Your assignment: Reproduce without any pictures the lines from the one that contains "Vraag: Wanneer is deze uitspraak gedaan?" through the end of the records, exactly as written.
Data for analysis: Begin
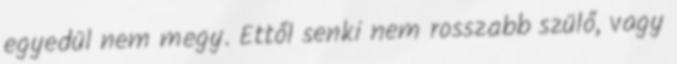
egyedül nem megy. Ettől senki nem rosszabb szülő, vagy
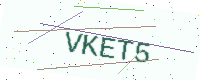
Text: VKET5
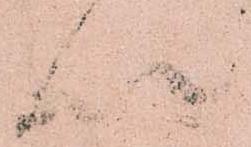
以
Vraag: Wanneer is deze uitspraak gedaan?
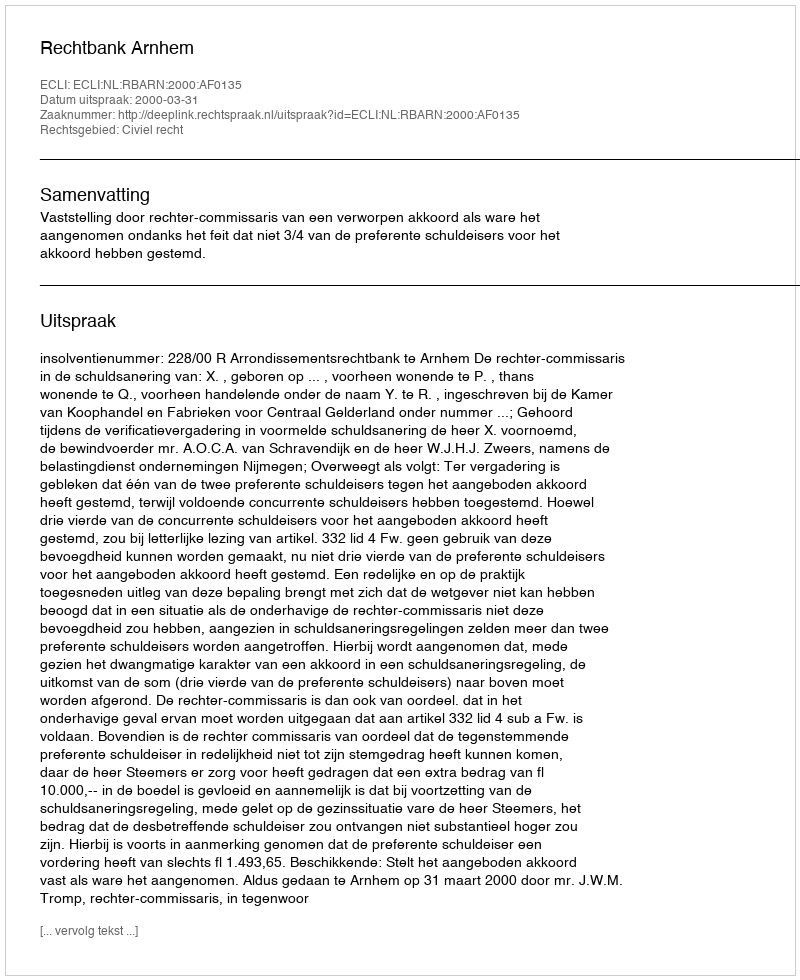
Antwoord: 2000-03-31
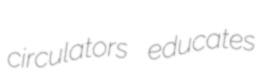
circulators educates
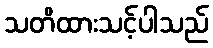
သတိထားသင့်ပါသည်
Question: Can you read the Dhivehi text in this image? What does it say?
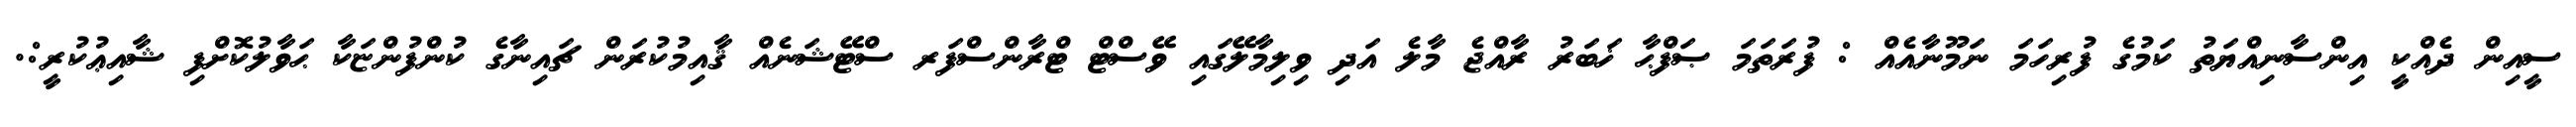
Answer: ސީއިން ދެއްކީ އިންސާނިއްޔަތު ކަމުގެ ފުރިހަމަ ނަމޫނާއެއް : ފުރަތަމަ ޞަފްޙާ ޚަބަރު ރާއްޖެ މާލެ އަދި ވިލިމާލޭގައި ވޭސްޓް ޓްރާންސްފަރ ސްޓޭޝަނެއް ޤާއިމުކުރަން ޗައިނާގެ ކުންފުންޏަކާ ޙަވާލުކޮށްފި ޝާއިޢުކުރީ:.
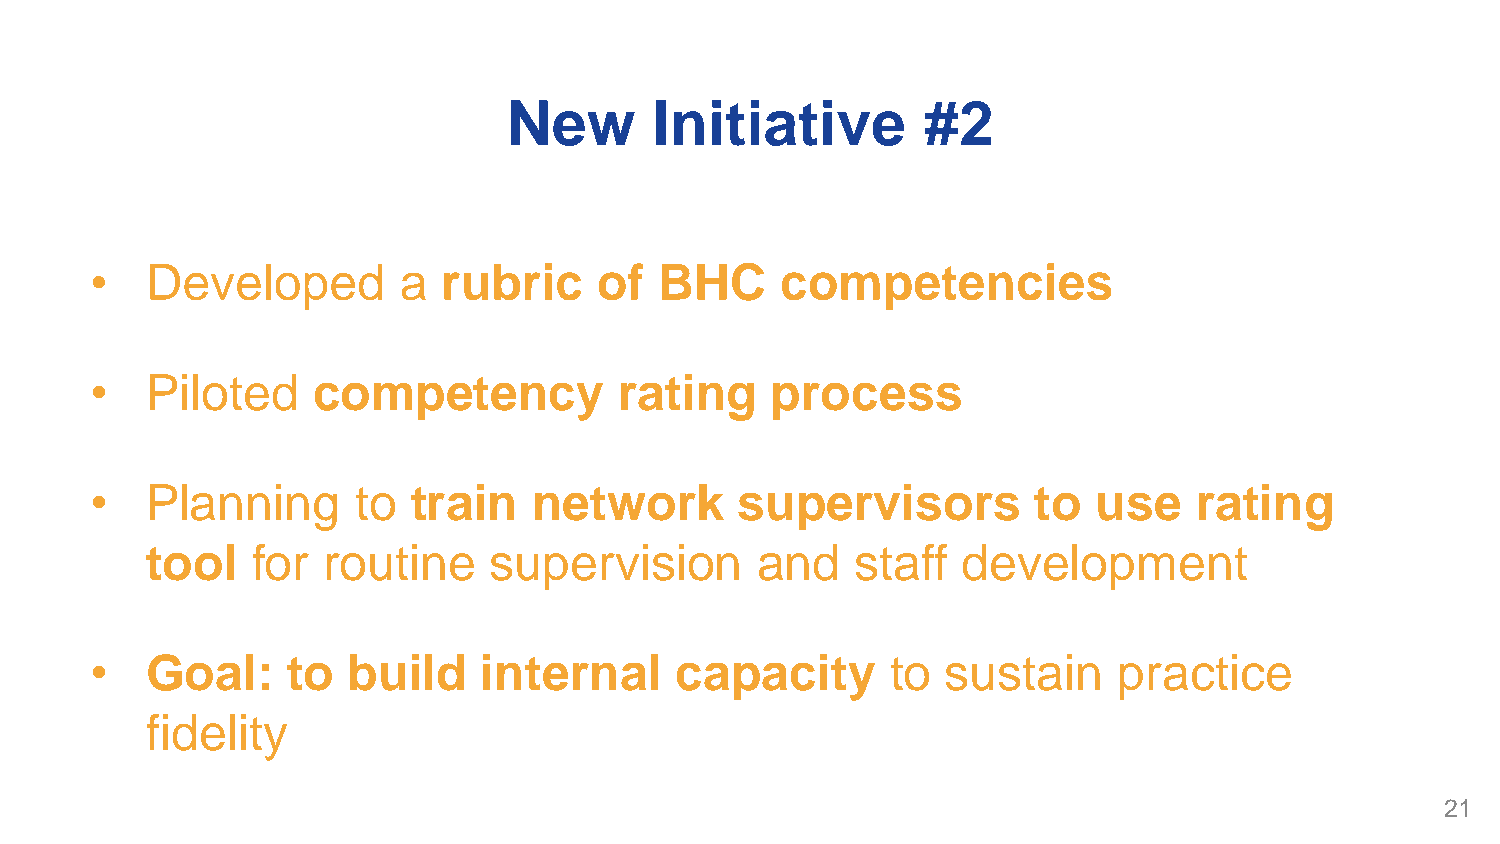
Data for analysis: End
Exercise answer:
Vraag: Wanneer is deze uitspraak gedaan?
Antwoord: 2000-03-31
circulators educates
သတိထားသင့်ပါသည်
Question: Can you read the Dhivehi text in this image? What does it say?
Answer: ސީއިން ދެއްކީ އިންސާނިއްޔަތު ކަމުގެ ފުރިހަމަ ނަމޫނާއެއް : ފުރަތަމަ ޞަފްޙާ ޚަބަރު ރާއްޖެ މާލެ އަދި ވިލިމާލޭގައި ވޭސްޓް ޓްރާންސްފަރ ސްޓޭޝަނެއް ޤާއިމުކުރަން ޗައިނާގެ ކުންފުންޏަކާ ޙަވާލުކޮށްފި ޝާއިޢުކުރީ:.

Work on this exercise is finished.